- **Problem**
With the pictures excluded, retype the records that follow exactly.

- **Excerpted records**

Segment Open

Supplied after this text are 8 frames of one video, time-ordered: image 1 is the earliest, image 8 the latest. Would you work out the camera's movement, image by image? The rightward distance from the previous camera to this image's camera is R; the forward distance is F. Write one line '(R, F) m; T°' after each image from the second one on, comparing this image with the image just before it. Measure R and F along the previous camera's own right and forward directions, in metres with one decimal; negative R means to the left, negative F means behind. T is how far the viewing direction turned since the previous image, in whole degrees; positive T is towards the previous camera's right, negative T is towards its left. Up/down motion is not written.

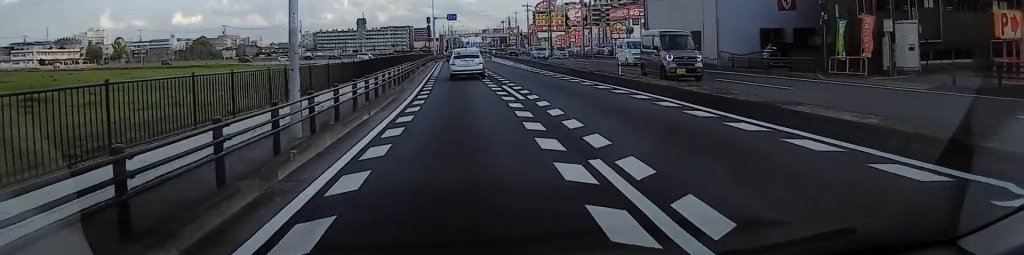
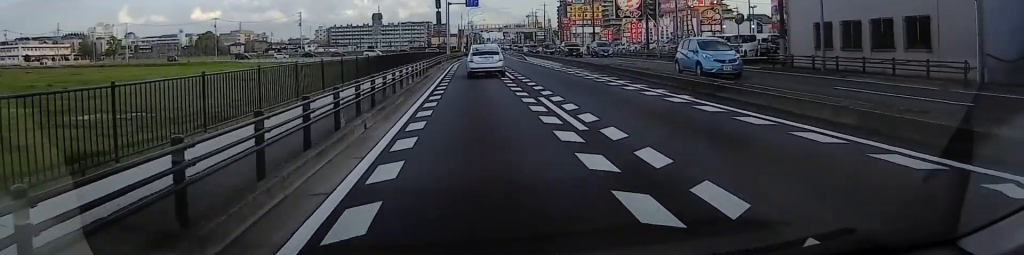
(+0.1, +22.1) m; -2°
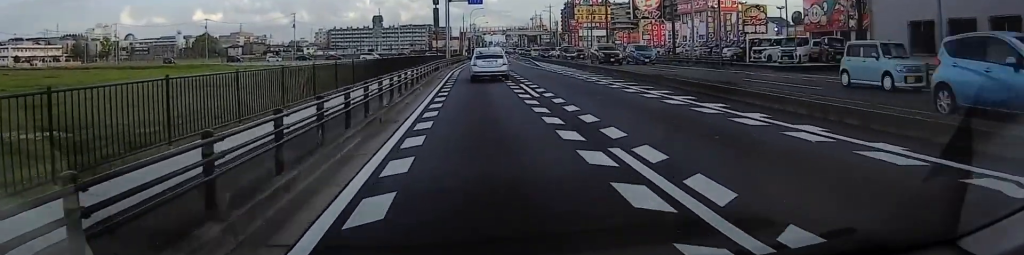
(-0.4, +8.0) m; +2°
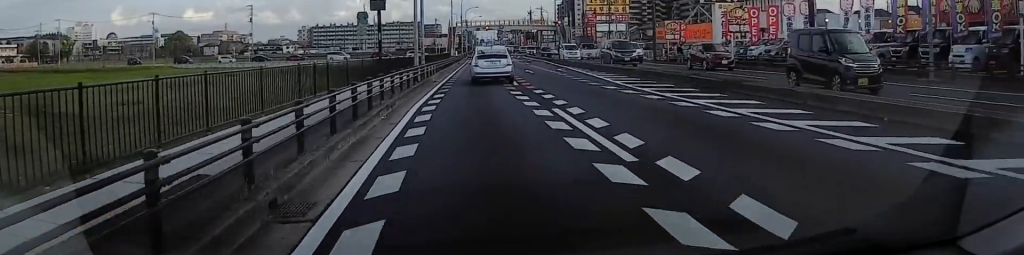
(+0.5, +24.8) m; 0°
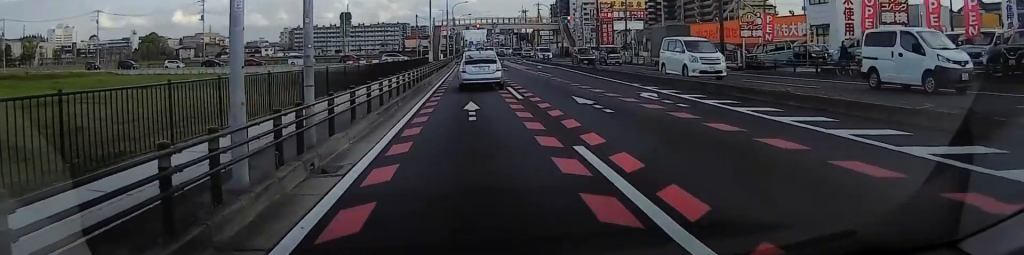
(-0.1, +19.9) m; +2°
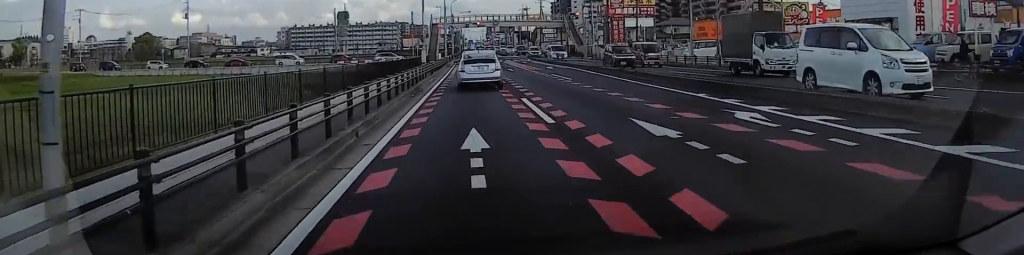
(0.0, +6.3) m; +1°
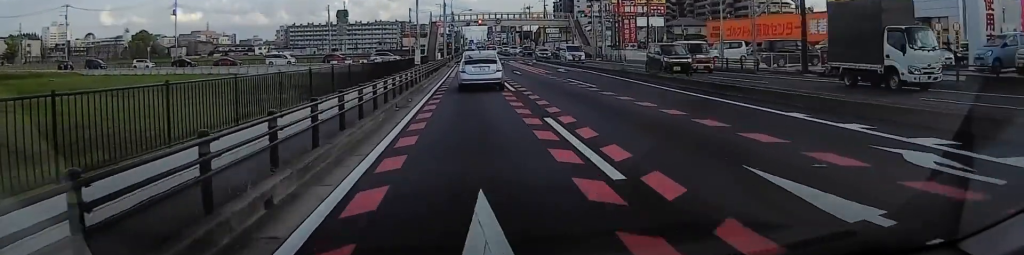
(-0.1, +5.5) m; +1°
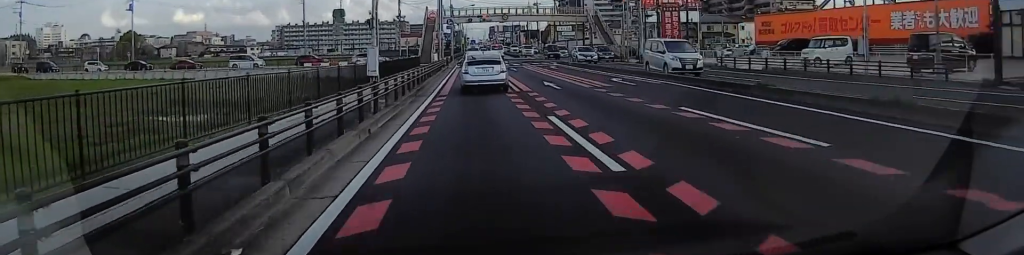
(+0.4, +14.8) m; -1°
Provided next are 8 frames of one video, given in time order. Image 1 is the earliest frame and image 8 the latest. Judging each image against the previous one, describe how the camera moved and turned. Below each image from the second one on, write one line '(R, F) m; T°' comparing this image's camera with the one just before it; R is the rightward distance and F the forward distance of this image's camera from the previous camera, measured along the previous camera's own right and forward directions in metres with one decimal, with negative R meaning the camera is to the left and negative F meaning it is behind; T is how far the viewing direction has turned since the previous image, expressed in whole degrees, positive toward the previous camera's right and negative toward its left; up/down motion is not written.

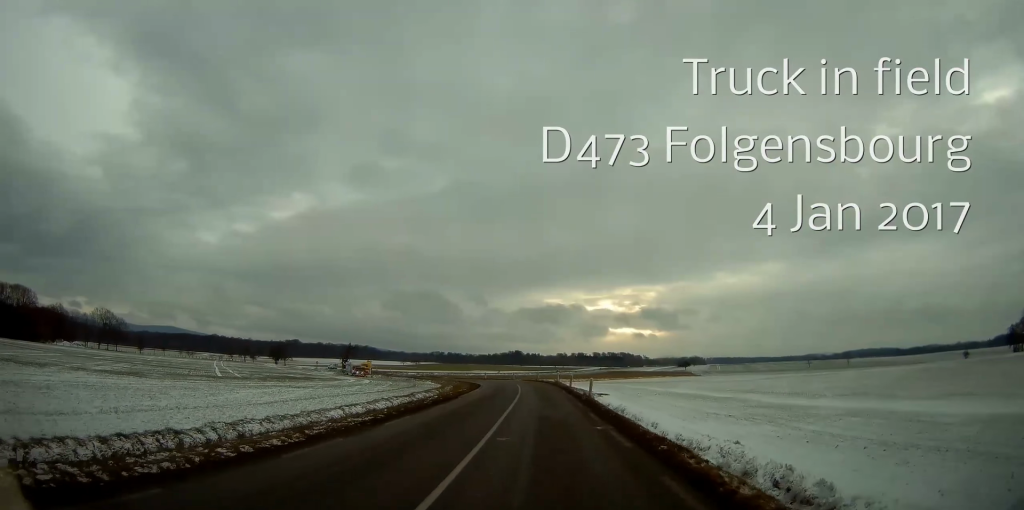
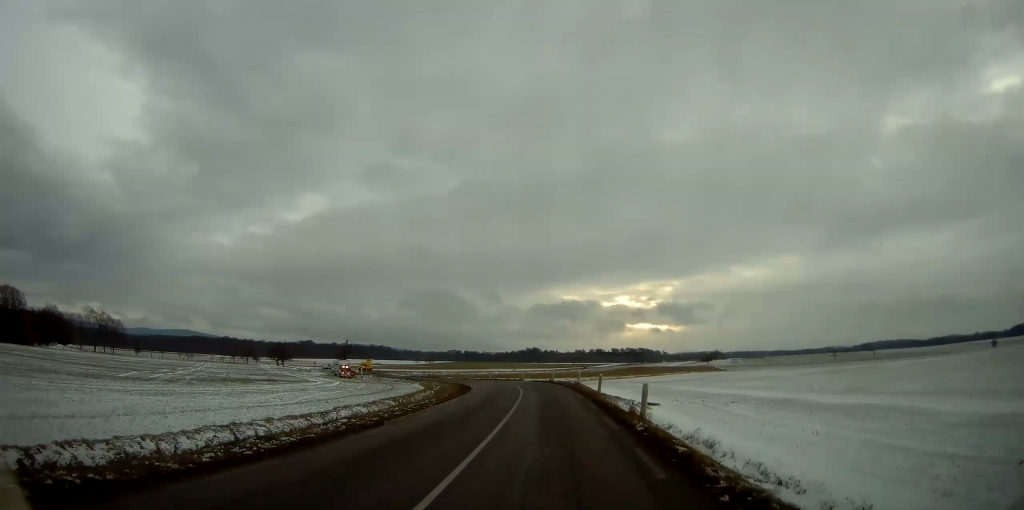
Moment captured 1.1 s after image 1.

Segment Closed

- **Expected answer**
Supplied after this text are 8 frames of one video, time-ordered: image 1 is the earliest, image 8 the latest. Would you work out the camera's movement, image by image? The rightward distance from the previous camera to this image's camera is R; the forward distance is F. Write one line '(R, F) m; T°' after each image from the second one on, comparing this image with the image just before it. Measure R and F along the previous camera's own right and forward directions, in metres with one decimal; negative R means to the left, negative F means behind. T is how far the viewing direction turned since the previous image, in whole degrees; positive T is towards the previous camera's right, negative T is towards its left. Up/down motion is not written.

(+0.1, +22.1) m; -2°
(-0.4, +8.0) m; +2°
(+0.5, +24.8) m; 0°
(-0.1, +19.9) m; +2°
(0.0, +6.3) m; +1°
(-0.1, +5.5) m; +1°
(+0.4, +14.8) m; -1°
Provided next are 8 frames of one video, given in time order. Image 1 is the earliest frame and image 8 the latest. Judging each image against the previous one, describe how the camera moved and turned. Below each image from the second one on, write one line '(R, F) m; T°' comparing this image's camera with the one just before it; R is the rightward distance and F the forward distance of this image's camera from the previous camera, measured along the previous camera's own right and forward directions in metres with one decimal, with negative R meaning the camera is to the left and negative F meaning it is behind; T is how far the viewing direction has turned since the previous image, expressed in whole degrees, positive toward the previous camera's right and negative toward its left; up/down motion is not written.

Moment captured 1.1 s after image 1.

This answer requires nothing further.